Measurement Dysfunction

Motivation#

Measurement dysfunction is a situation in which the act of measurement produces results directly contrary to the actual goals of measurement. An excellent reference on this topic is Measuring and managing performance in organizations by Robert Austin.

Care must be taken in the design of a departmental dashboard to avoid producing measurement dysfunction. For example, if "teaching performance" is defined in terms of "SSH per Faculty FTE", then a single-pointed focus on improving "performance" can lead to large lecture hall classes without TAs, with potentially disastrous consequences for the goal of providing a quality educational experience for students.

The blog post How management by metrics leads us astray provides cautionary tales about the dangers of metrics for organizational improvement. The accompanying Hacker News Discussion adds several of the most popular measurement dysfunction anecdotes (the Soviet shoe factory, the scrap metal quota, etc.)

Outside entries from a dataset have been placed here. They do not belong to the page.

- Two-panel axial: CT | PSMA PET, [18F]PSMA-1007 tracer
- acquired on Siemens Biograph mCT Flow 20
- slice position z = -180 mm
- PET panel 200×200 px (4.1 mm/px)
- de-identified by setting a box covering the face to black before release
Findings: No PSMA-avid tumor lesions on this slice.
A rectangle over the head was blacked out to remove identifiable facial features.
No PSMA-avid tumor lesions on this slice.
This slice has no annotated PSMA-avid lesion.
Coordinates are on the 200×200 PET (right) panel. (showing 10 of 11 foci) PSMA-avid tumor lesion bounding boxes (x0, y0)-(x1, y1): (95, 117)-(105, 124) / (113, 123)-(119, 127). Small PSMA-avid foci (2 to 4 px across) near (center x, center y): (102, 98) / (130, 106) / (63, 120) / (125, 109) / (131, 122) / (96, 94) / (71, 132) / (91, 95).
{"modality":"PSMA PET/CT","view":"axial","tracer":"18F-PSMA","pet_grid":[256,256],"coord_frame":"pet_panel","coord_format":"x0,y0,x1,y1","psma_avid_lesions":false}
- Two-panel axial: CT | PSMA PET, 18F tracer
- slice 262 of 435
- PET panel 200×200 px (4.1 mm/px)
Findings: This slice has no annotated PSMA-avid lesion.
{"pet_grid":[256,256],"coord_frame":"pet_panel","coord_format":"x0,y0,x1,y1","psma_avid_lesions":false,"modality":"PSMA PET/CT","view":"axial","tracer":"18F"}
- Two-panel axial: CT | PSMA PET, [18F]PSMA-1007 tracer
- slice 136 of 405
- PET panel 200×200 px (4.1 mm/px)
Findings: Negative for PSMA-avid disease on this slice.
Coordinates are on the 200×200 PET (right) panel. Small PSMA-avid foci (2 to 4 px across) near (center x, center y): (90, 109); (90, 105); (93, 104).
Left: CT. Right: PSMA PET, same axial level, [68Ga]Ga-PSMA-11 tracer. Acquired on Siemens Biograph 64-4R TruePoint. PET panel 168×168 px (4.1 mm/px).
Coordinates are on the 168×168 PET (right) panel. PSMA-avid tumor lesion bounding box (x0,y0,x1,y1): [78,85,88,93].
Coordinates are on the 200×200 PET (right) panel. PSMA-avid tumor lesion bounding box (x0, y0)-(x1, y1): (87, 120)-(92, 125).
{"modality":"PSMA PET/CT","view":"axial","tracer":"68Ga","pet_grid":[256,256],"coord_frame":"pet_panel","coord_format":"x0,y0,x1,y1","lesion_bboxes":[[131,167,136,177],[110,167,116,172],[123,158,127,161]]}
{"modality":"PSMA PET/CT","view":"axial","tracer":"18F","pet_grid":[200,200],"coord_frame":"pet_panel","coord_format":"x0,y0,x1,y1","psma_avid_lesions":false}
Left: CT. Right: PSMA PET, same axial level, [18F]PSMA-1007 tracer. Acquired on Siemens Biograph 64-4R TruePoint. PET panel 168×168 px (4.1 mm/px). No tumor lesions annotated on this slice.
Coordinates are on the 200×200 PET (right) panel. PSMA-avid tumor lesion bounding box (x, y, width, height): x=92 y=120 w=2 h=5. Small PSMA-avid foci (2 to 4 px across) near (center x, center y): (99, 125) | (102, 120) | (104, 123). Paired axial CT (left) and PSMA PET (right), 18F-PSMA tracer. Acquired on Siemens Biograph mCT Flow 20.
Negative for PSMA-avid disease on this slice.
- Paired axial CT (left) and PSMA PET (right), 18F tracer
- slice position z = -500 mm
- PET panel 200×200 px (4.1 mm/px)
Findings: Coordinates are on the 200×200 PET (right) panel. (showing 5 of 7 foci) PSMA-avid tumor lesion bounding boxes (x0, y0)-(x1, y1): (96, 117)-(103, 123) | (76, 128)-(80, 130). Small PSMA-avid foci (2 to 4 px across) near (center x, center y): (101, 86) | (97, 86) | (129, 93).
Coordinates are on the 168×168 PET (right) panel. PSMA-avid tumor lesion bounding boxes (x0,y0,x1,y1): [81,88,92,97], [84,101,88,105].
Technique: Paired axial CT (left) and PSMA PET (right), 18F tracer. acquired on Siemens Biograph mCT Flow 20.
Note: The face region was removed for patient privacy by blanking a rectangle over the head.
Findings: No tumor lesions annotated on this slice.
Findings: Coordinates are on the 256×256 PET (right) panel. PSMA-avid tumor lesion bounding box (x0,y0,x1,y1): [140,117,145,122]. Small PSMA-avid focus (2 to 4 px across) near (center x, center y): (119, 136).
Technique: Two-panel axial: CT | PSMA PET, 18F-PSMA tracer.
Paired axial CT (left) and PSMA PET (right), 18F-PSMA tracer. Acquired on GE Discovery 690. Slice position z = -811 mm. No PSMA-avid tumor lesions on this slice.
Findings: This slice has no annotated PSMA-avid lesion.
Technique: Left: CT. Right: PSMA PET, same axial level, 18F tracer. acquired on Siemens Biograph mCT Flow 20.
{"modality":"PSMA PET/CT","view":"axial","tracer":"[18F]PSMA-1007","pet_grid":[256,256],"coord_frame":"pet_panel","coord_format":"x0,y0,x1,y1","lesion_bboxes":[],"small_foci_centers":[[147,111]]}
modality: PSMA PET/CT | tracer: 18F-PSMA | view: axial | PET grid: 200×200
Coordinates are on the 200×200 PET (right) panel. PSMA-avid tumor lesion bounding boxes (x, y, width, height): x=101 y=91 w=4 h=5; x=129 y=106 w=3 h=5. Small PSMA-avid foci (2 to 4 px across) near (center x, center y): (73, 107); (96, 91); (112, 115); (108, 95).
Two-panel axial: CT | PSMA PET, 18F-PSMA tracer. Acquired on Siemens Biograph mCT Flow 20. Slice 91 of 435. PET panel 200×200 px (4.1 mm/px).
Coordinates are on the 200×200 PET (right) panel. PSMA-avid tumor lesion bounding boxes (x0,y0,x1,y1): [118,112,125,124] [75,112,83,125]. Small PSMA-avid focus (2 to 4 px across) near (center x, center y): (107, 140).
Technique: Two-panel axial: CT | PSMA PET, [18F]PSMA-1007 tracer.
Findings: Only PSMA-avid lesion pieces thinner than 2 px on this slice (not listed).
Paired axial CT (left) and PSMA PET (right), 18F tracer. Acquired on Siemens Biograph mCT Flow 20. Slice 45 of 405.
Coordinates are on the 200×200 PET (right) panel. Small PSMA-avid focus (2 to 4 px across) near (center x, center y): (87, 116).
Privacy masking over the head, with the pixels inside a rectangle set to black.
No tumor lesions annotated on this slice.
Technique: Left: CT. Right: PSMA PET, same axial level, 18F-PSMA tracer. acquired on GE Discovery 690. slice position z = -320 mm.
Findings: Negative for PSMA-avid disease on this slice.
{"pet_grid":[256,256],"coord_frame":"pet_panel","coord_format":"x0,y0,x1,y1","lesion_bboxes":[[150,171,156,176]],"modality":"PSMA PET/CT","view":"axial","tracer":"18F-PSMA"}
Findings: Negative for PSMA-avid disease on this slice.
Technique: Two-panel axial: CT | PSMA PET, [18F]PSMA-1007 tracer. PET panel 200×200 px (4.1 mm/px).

Many of the cited problems with metrics can be viewed as a result of confusing the "map" with the "territory". Maps can be incredibly useful, but they are an abstraction of reality, not reality itself. For example, if a map does not contain topographic information and you are using it to estimate the time to walk between two points, your estimate may be wildly inaccurate when you try walk that path because there is a substantial elevation gain. This doesn't mean that particular map is totally useless and should never be used. It means that you have discovered a problem with that particular abstraction of reality for that particular purpose, and you need more abstractions in future for that purpose.

Here are some steps that can be taken to avoid measurement dysfunction when developing and using a departmental dashboard.

Assess data quality#

There is a cliche in computer science: "Garbage in, garbage out". The Dashboard will not provide useful guidance if the data used to generate the dashboard is of low quality.

Be sure to create mechanisms to assess the quality of the data. For example, when using course evaluation data, it is important to track the percentage of students in the class submitting evaluations. If the percentage is very low, then the results may not be representative.

Validate using multiple measures#

When possible, see if important goals can be assessed by more than one independent measure. For example, if a goal is to ensure that classes are relevant to professional goals, then this could be assessed by a Department-level course evaluation question, and Exit Survey Questionnaire, and a Stakeholder Questionnaire.

The Dashboard indicates what, not why#

Think of the Department Dashboard as similar to a thermometer: it can function to indicate that something appears to be amiss, but additional work will always be needed to understand the underlying causes of the measurement.

For example, if the dashboard indicates that a course evaluation response average value for the Department as a whole is below the university average, then the next step is to look at individual classes. For example, perhaps a single, large introductory course generated poor values, but all of the other courses were above the University average. Alternatively, perhaps there is a widespread below average performance on that question across the department. Very different actions would be taken depending upon which situation produced the dashboard value.

False positives, negatives, and signal-to-noise ratio#

Just like any other sensor, the Department Dashboard is susceptible to "false positives" (where a seemingly inappropriate value does not actually indicate a problem) as well as "false negatives" (where the dashboard shows nominal values despite the presence of a problems in the Department).

The possibility of false positives and false negatives does not automatically mean that the dashboard is useless. The utility of the dashboard ultimately rests on its signal-to-noise ratio. If most of the results from the dashboard are false positives or false negatives, then the dashboard will not be valuable to the department.

The primary design goal for each department is to create a dashboard that is useful: one which has a high signal-to-noise ratio. It may a few design iterations, over a few academic years, in order to achieve this. As a brand new technology, we expect that there will be surprises and unanticipated challenges as we start to gain real-world experience with the system. We appreciate your willingness to put time and effort into testing the hypothesis that the UH Department Dashboard can provide meaningful information at acceptable cost to academic units.